**What the task asks:**
Every line from the one bearing "FILE_NAME ('YPP616653.STEP', '2020-12-24T06:08:24', ( ''" through the last line of the entries should be printed exactly, with no other output.

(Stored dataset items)

=== Section Start ===

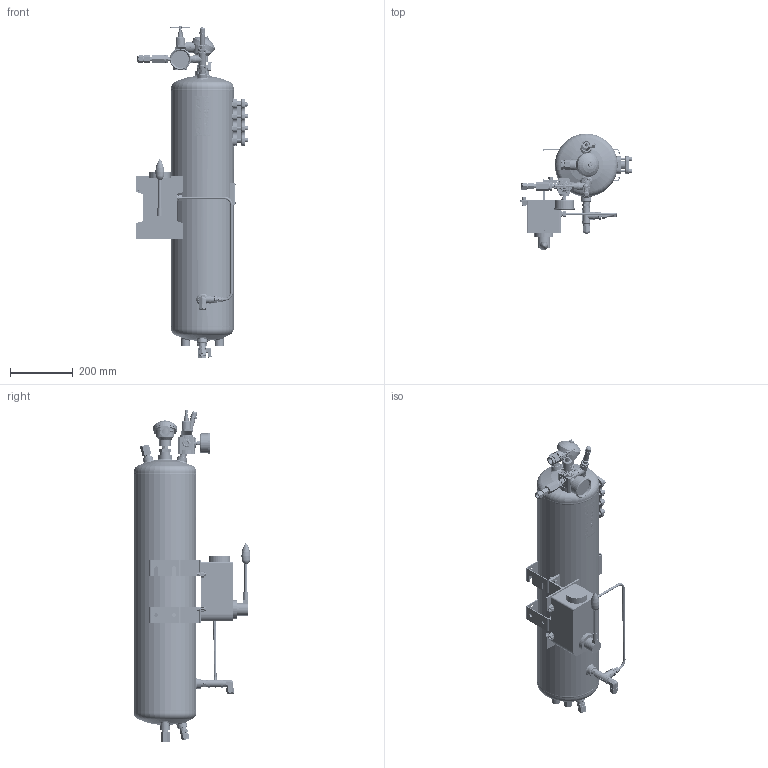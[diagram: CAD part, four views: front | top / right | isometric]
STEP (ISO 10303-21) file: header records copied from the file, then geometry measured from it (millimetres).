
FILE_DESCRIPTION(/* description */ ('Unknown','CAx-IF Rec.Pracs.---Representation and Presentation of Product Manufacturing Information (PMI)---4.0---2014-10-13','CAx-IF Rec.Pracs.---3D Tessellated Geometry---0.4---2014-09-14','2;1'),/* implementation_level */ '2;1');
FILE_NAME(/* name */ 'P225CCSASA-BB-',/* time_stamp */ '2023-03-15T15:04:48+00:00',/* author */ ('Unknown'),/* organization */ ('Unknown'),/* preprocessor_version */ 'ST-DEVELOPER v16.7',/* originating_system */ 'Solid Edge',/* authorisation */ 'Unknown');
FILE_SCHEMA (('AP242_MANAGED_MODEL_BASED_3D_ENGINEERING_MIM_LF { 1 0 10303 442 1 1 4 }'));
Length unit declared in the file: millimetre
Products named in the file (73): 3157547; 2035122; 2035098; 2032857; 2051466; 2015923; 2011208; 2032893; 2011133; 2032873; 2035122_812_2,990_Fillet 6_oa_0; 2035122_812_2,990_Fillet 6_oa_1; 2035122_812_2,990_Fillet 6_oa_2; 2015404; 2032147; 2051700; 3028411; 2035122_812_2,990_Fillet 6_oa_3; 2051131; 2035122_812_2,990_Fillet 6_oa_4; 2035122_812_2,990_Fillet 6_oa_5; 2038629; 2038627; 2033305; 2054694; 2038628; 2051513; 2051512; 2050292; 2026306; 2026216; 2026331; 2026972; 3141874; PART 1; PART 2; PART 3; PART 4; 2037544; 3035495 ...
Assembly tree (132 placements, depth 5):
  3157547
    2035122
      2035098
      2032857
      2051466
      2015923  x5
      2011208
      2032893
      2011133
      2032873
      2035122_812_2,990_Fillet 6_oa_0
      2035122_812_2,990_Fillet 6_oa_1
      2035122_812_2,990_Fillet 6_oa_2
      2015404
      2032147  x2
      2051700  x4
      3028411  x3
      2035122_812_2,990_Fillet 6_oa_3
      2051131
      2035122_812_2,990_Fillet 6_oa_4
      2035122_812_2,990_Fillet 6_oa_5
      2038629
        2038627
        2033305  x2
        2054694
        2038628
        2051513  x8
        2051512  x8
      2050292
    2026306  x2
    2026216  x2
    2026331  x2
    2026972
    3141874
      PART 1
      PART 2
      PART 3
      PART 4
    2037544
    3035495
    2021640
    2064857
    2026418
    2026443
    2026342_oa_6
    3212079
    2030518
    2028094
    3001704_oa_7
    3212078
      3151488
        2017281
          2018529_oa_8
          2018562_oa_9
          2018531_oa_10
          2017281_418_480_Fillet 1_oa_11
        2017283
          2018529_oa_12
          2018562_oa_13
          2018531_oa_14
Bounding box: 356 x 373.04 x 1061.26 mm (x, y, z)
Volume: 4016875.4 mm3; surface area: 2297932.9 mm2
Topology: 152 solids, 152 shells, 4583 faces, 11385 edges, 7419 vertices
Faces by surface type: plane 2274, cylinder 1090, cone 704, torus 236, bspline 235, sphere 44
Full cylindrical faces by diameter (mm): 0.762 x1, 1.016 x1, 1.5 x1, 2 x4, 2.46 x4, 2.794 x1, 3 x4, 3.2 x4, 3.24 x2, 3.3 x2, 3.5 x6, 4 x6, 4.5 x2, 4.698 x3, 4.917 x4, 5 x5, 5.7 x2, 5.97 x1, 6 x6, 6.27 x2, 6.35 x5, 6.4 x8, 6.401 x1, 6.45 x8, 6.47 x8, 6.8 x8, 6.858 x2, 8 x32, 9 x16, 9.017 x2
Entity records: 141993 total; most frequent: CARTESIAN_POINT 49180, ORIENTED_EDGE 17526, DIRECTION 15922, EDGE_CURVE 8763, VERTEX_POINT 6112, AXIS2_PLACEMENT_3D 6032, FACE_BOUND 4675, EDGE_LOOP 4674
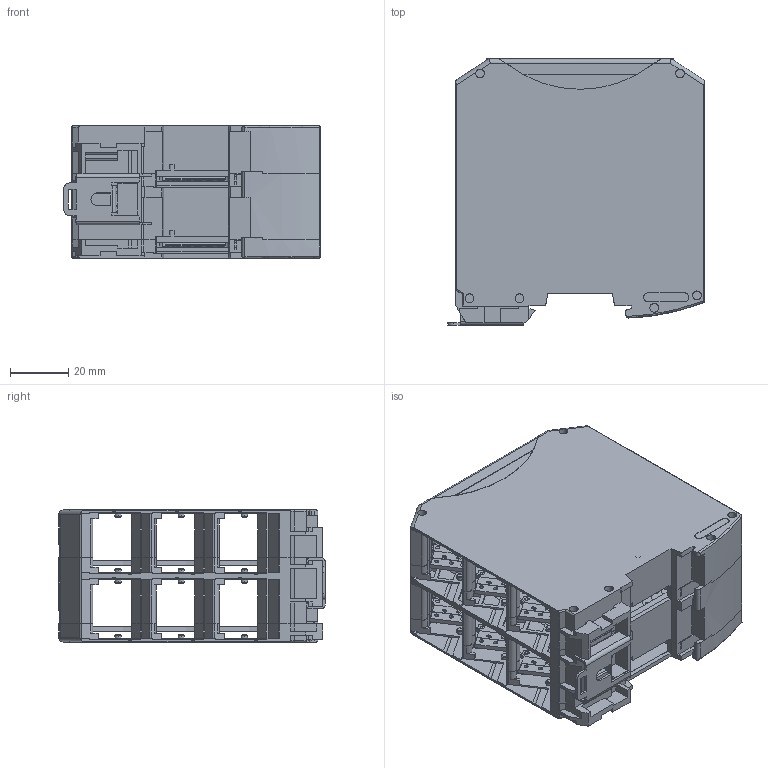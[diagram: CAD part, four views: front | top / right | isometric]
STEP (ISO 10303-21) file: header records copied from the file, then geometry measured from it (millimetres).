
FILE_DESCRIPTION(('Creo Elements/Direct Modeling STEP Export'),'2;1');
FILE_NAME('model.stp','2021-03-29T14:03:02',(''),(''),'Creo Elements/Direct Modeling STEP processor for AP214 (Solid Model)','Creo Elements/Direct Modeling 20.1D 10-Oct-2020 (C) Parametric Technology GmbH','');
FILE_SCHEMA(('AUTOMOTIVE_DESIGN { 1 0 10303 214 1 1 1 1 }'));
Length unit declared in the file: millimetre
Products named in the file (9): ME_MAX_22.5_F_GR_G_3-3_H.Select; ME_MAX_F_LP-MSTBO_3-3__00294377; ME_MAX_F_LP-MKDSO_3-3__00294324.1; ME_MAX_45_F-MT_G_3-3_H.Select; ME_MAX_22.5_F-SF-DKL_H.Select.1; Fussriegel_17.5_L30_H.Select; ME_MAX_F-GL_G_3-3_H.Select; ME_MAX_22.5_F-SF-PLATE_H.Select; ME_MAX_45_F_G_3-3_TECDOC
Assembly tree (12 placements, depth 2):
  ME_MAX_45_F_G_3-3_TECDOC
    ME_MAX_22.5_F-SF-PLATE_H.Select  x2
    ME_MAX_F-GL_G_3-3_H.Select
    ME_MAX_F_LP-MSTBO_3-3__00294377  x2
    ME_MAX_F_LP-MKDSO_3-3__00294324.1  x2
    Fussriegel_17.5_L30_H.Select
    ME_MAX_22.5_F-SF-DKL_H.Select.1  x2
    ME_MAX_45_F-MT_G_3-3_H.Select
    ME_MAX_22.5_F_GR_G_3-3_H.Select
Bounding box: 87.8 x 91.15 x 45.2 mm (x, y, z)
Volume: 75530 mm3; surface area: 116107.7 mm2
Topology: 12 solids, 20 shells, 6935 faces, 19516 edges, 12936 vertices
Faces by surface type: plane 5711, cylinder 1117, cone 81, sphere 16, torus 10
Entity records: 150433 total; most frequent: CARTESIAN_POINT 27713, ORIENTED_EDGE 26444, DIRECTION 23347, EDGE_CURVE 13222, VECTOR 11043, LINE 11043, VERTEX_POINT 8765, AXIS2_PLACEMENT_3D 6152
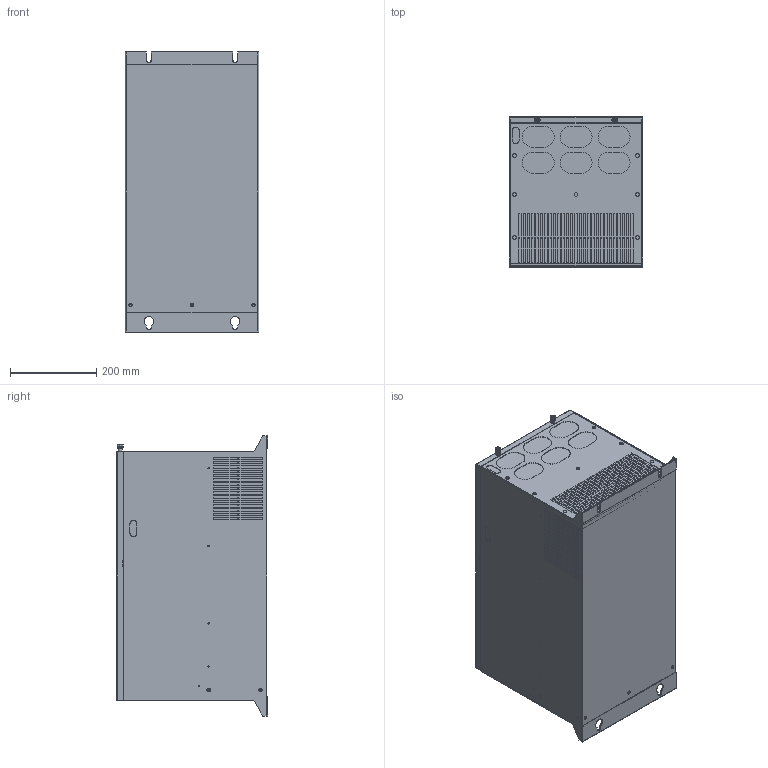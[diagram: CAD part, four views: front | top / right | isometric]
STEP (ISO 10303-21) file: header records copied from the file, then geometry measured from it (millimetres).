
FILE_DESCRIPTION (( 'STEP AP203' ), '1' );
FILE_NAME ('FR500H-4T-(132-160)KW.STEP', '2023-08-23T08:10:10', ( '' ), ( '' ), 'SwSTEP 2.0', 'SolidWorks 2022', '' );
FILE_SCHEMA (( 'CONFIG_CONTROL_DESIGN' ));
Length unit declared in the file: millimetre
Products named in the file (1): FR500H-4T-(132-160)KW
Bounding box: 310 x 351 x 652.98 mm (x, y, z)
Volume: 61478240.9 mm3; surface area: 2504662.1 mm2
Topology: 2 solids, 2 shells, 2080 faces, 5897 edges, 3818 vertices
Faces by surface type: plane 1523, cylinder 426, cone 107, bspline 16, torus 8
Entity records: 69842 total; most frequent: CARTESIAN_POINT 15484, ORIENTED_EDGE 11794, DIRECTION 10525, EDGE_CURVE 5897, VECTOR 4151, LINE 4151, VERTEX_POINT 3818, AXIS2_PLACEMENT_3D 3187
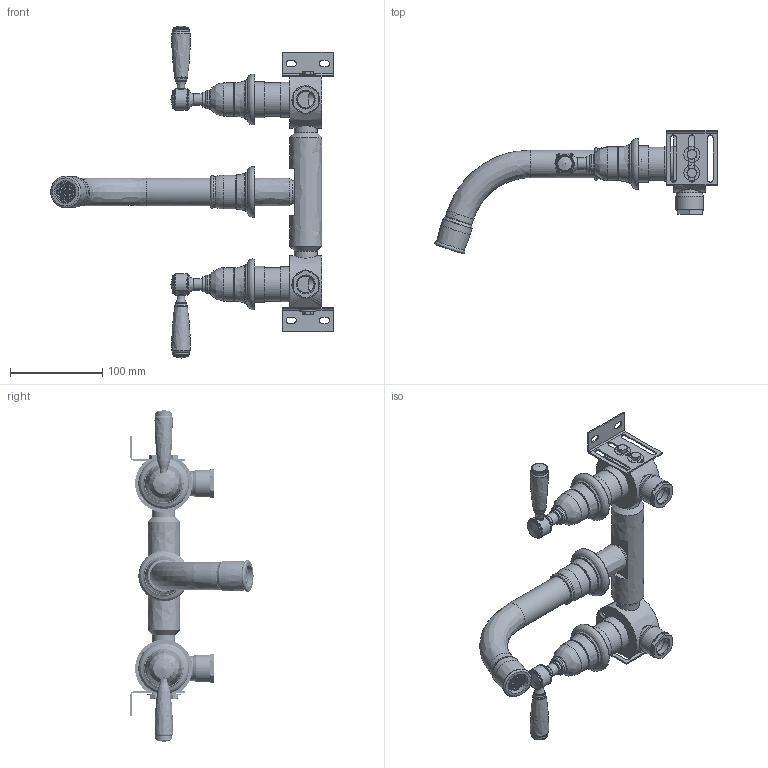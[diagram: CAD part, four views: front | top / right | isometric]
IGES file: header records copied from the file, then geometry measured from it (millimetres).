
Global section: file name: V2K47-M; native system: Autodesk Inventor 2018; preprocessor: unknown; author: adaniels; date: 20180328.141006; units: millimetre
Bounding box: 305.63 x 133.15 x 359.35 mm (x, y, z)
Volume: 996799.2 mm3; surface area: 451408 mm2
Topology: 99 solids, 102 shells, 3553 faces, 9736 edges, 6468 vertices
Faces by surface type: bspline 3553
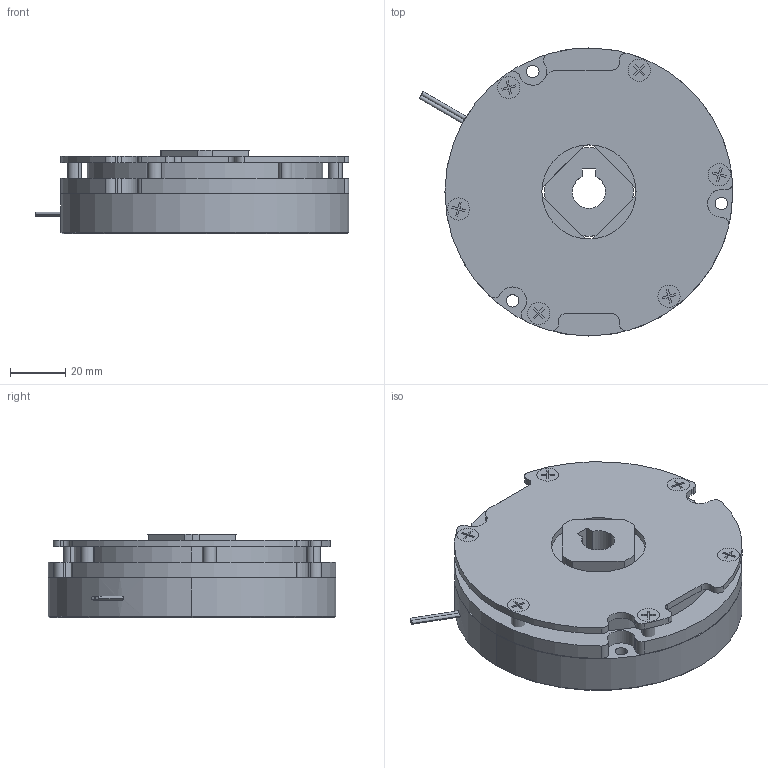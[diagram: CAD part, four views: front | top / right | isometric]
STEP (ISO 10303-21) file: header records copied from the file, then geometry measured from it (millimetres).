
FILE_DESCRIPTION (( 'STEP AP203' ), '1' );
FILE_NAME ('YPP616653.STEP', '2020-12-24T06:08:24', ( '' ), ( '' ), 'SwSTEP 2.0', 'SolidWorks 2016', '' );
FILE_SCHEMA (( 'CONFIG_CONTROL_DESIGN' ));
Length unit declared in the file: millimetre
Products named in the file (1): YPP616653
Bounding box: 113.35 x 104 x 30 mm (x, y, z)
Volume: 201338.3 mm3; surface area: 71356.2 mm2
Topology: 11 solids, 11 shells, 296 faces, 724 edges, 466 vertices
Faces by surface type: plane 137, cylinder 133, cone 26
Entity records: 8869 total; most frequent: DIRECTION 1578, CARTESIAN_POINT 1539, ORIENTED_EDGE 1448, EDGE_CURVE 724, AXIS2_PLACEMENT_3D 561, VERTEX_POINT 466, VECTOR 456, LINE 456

=== Section End ===

**Answer for the task:**
FILE_NAME ('YPP616653.STEP', '2020-12-24T06:08:24', ( '' ), ( '' ), 'SwSTEP 2.0', 'SolidWorks 2016', '' );
FILE_SCHEMA (( 'CONFIG_CONTROL_DESIGN' ));
Length unit declared in the file: millimetre
Products named in the file (1): YPP616653
Bounding box: 113.35 x 104 x 30 mm (x, y, z)
Volume: 201338.3 mm3; surface area: 71356.2 mm2
Topology: 11 solids, 11 shells, 296 faces, 724 edges, 466 vertices
Faces by surface type: plane 137, cylinder 133, cone 26
Entity records: 8869 total; most frequent: DIRECTION 1578, CARTESIAN_POINT 1539, ORIENTED_EDGE 1448, EDGE_CURVE 724, AXIS2_PLACEMENT_3D 561, VERTEX_POINT 466, VECTOR 456, LINE 456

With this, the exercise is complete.